The Brisbane Advertising and Design Club (BADC) – formerly known as the Brisbane Art Directors Club – has known this since 1974 though. The club was founded by Kevin Fielding, who was Creative Director at Masius at the time, freelance illustrator Ted Poulter, freelance designer Stewart Powell and David Laidley who was Creative Director of Peter Rodger Advertising.

Initially a social club for local creatives, the BADC focuses on encouraging and rewarding creativity across the state.
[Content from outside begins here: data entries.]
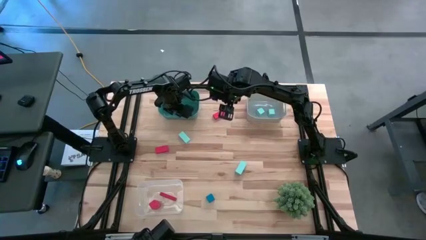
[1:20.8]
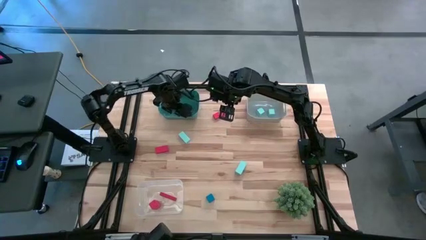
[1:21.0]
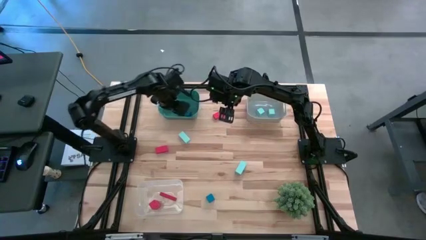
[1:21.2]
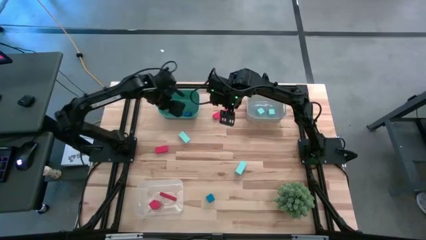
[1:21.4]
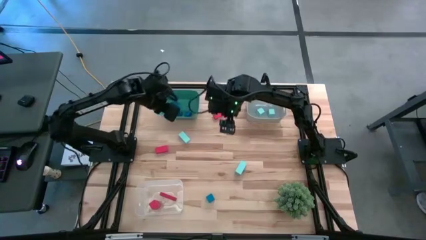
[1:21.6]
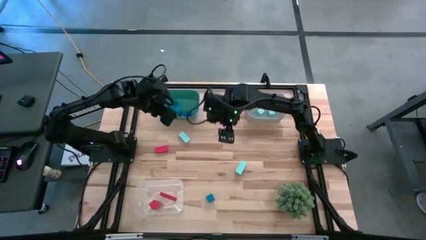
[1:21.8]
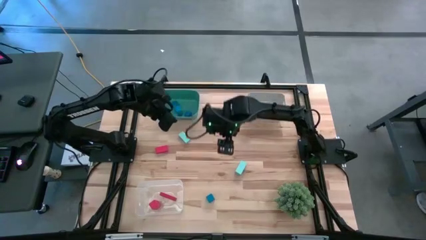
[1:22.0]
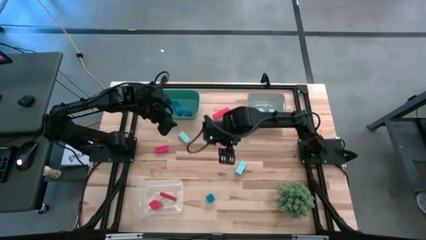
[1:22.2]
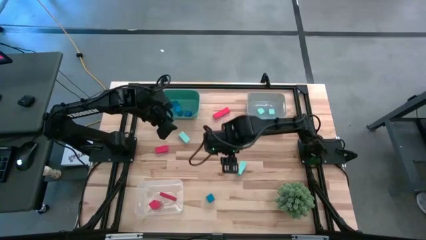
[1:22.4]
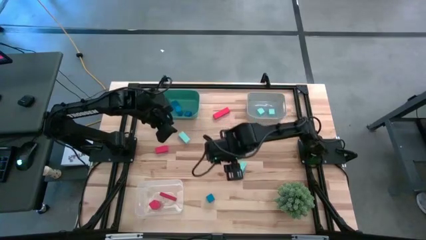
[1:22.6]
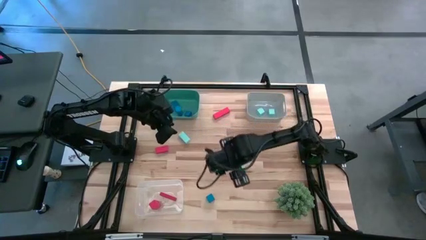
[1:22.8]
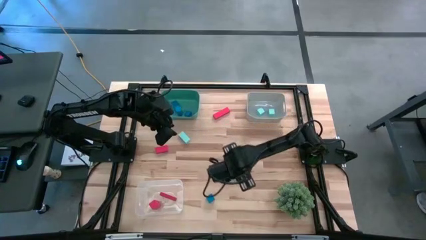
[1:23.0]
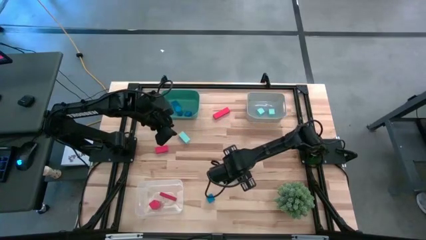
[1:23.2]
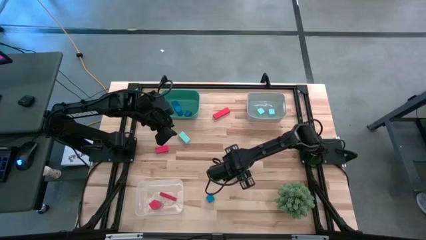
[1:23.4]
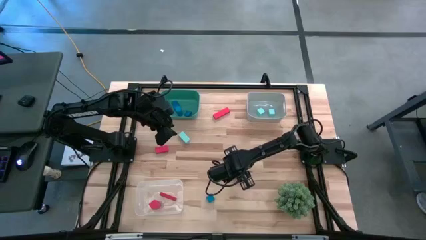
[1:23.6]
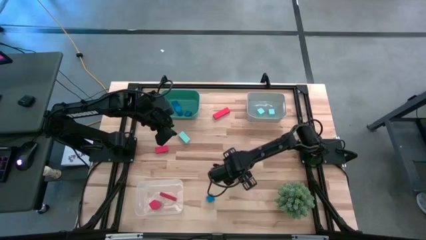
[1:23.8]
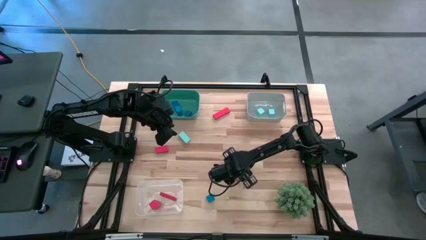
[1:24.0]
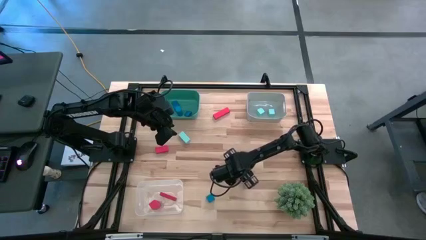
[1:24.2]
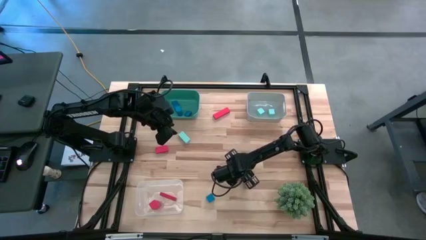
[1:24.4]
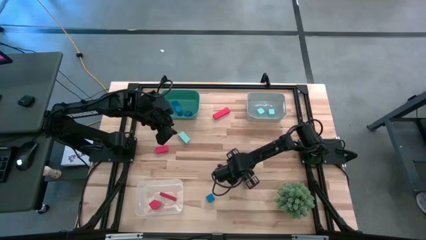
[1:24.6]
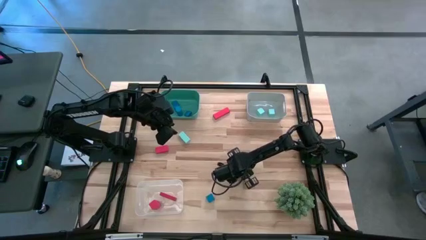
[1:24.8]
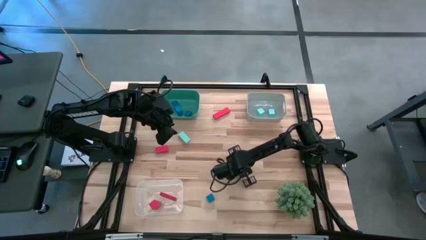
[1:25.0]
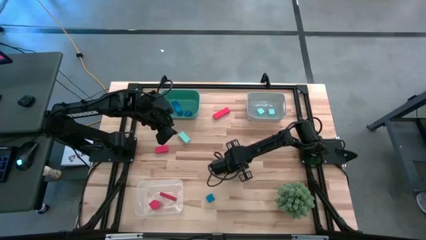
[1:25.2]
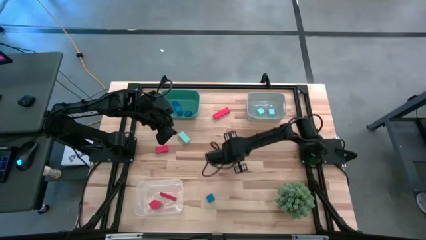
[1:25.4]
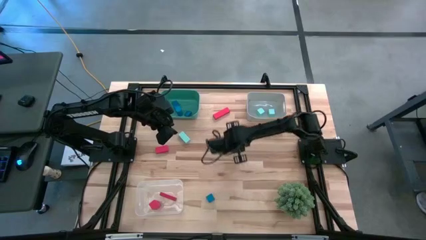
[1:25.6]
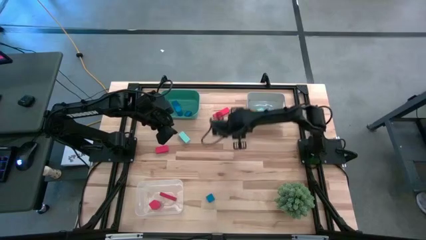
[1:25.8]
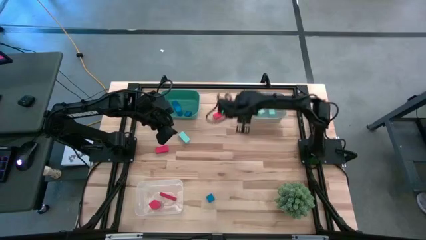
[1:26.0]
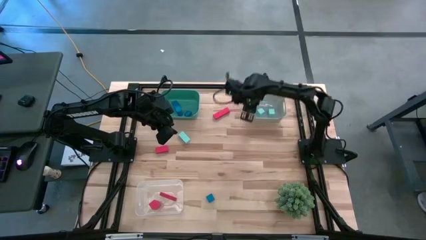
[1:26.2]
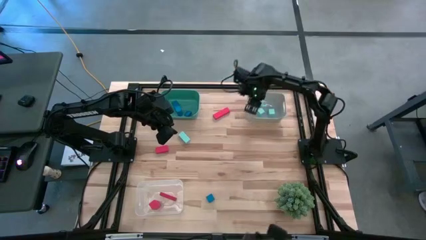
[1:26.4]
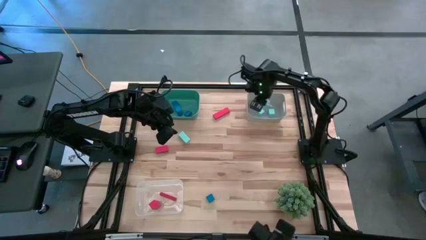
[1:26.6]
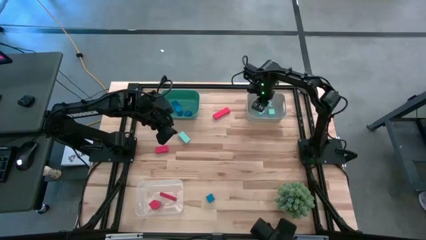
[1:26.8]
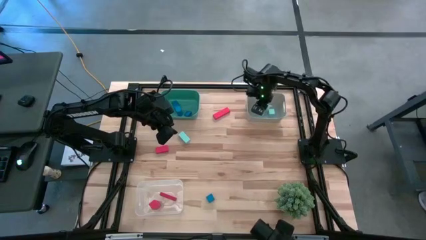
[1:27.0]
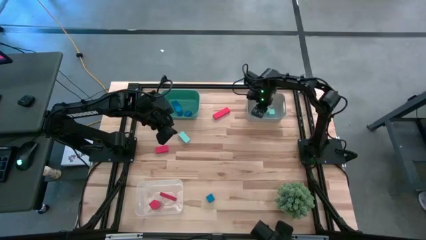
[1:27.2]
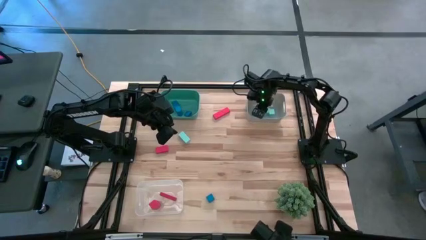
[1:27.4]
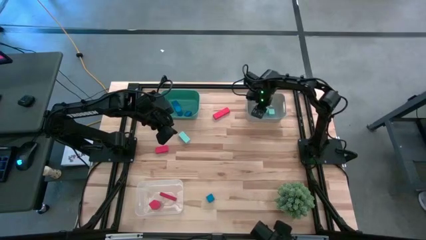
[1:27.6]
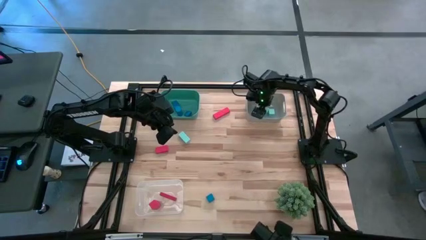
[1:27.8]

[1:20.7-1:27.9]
Task: Sort & place blocks by color
Put the light blue block into the grey bin

The club is supported by 250 regular financial members but works with more than 2000 members of Queensland’s broader advertising and design community.

The BADC’s mission is to present the message: “you can live in Brisbane and produce work of a world-class level.”

Opening its doors in 1961, Clemenger BBDO Brisbane is the state’s oldest agency. For Cristian Staal, Managing Partner Creative at Clemenger Brisbane, the biggest differentiator between Queensland’s capital and its southern partners is the comradery and respect the creative community has for one another.

“The respect we have for each other, across all creative genres, is immense,” he says. “In my opinion, this is because we all work bloody hard to make an effective creative product with much lower budgets. People believe that coming to Brisbane will be a sea change, or a step towards retirement. You quickly find out the hard way that it is exactly the opposite.”

Another legacy within the community, independent full-service agency BCM was founded in 1978. Managing Partner Phil McDonald believes the agency’s longevity comes down to its integrated approach.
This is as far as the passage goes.